- PROBLEM TO WORK ON: Look through the listing below and write out exactly the lines from the line with "type: mountainous beech forest" to the line with "longitude: 11.8294", both included, and no others.

- RECORDS TO USE:
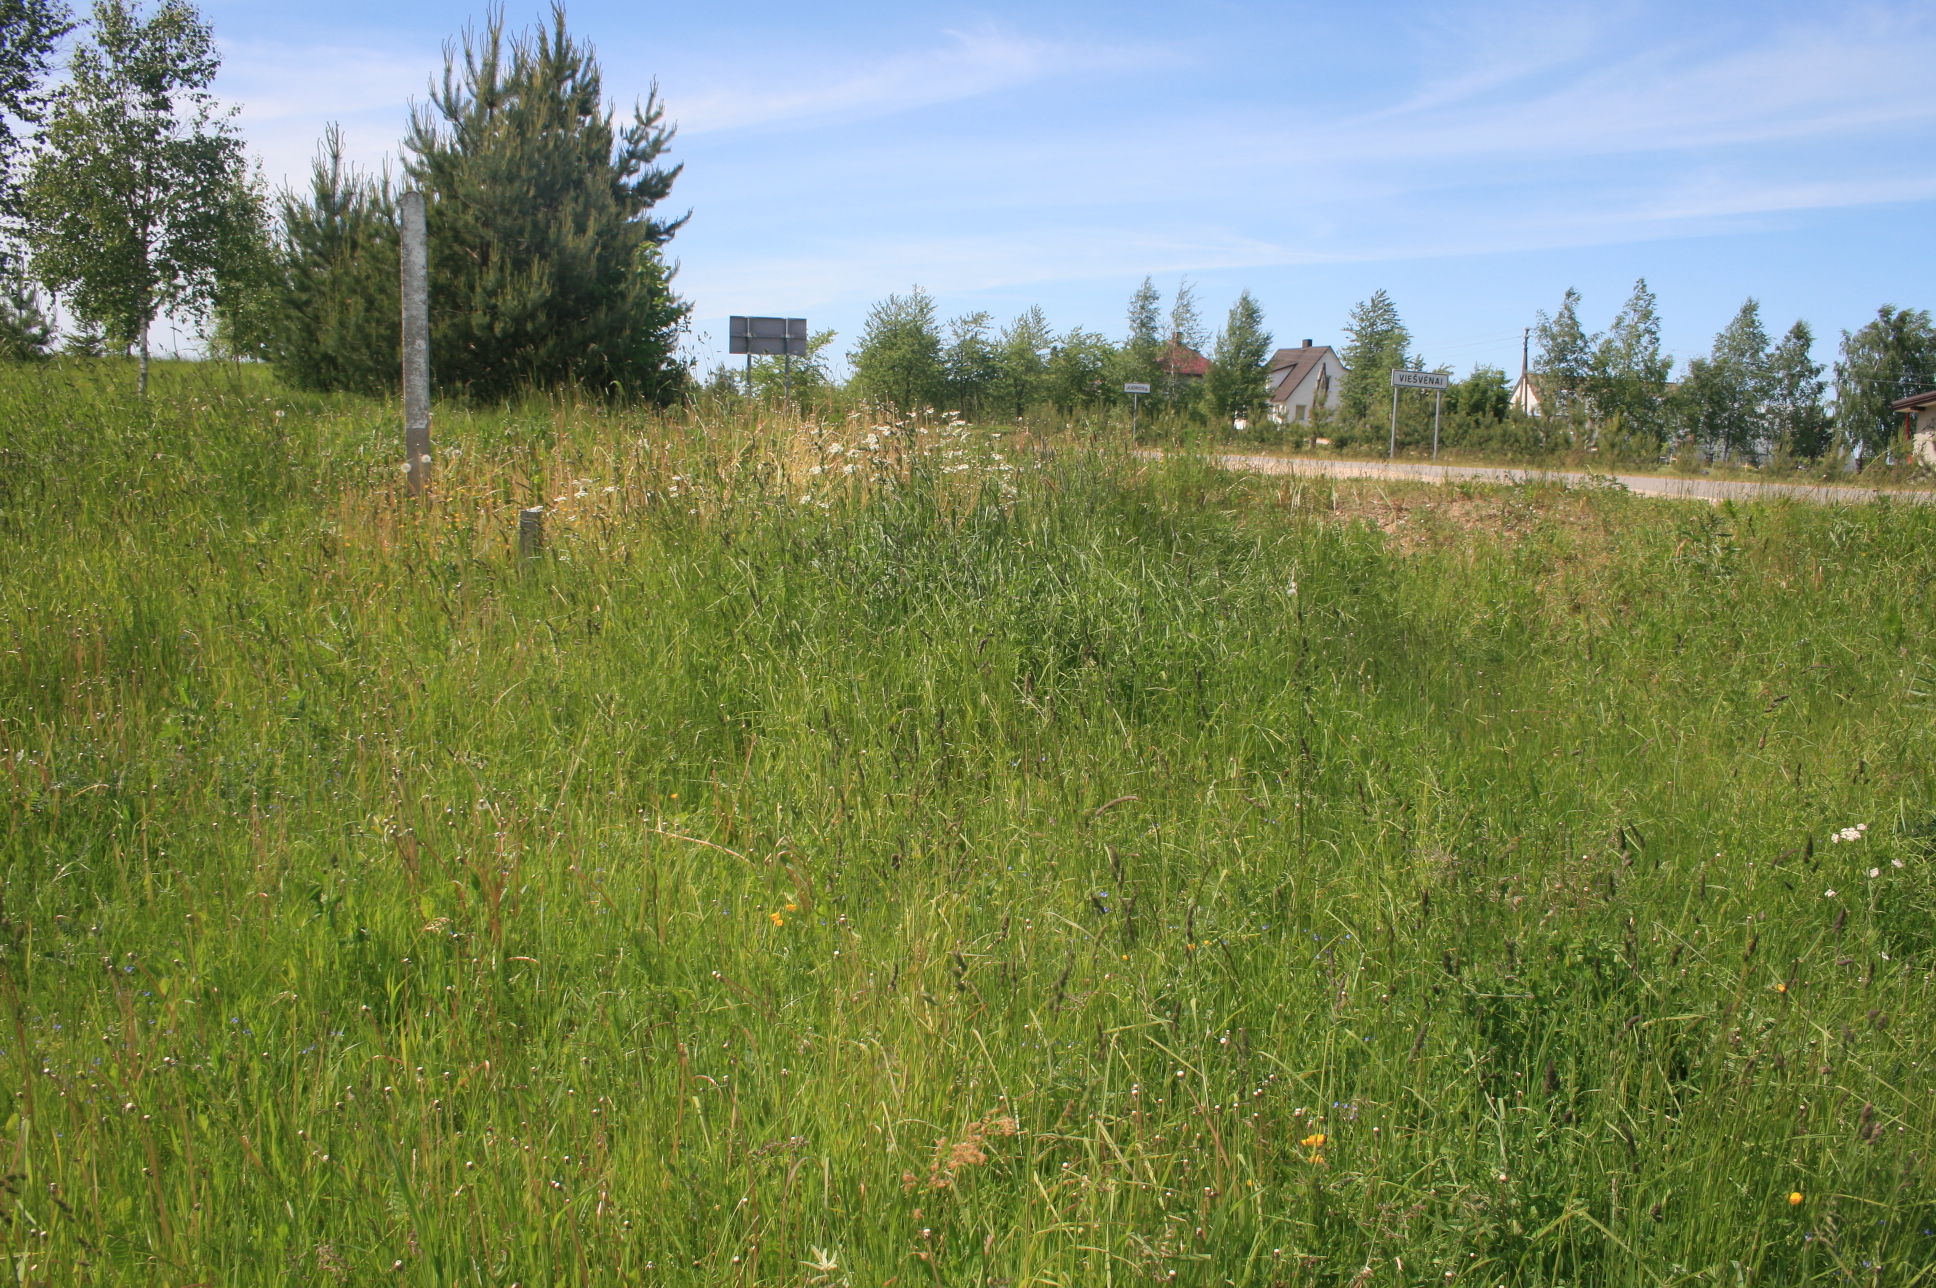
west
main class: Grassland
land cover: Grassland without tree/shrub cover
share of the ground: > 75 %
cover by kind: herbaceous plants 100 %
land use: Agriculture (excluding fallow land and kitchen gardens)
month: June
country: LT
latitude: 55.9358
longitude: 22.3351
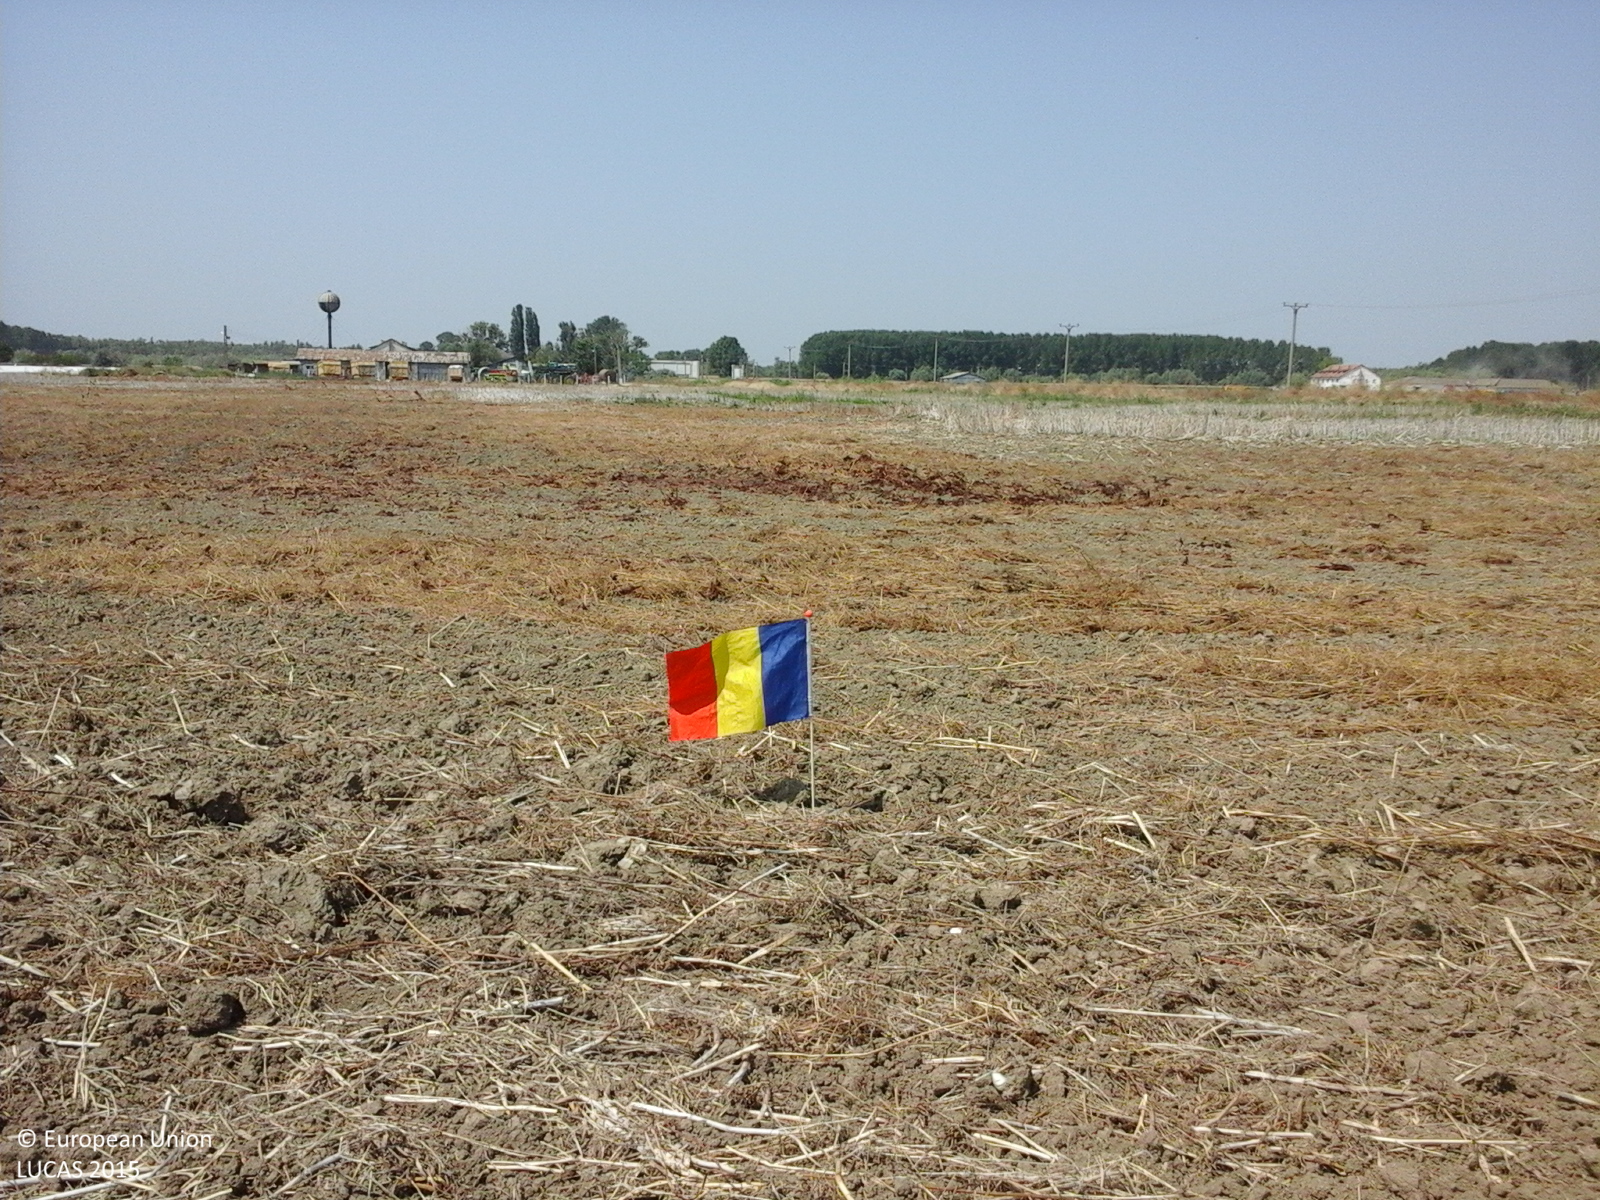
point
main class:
---
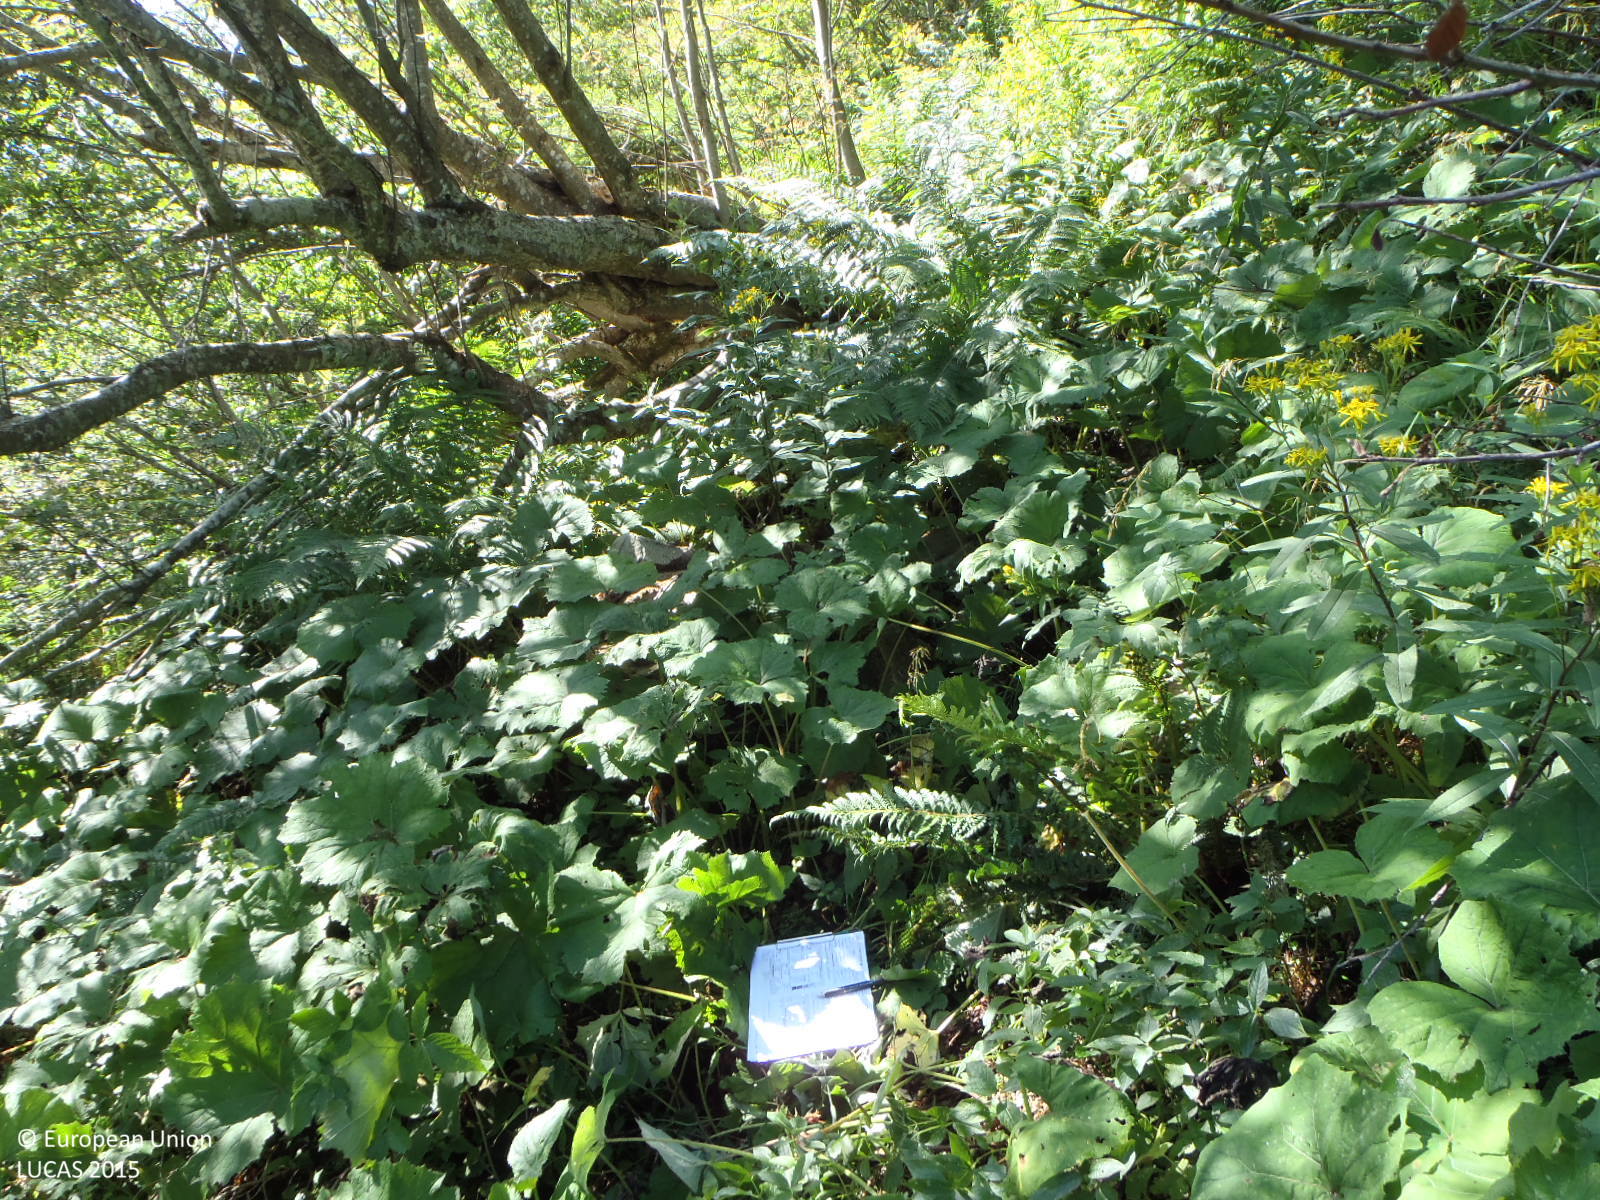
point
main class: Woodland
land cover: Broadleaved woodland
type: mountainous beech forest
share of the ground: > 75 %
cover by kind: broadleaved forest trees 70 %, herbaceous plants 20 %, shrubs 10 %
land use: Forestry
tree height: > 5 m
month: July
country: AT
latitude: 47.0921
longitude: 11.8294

- REPLY:
type: mountainous beech forest
share of the ground: > 75 %
cover by kind: broadleaved forest trees 70 %, herbaceous plants 20 %, shrubs 10 %
land use: Forestry
tree height: > 5 m
month: July
country: AT
latitude: 47.0921
longitude: 11.8294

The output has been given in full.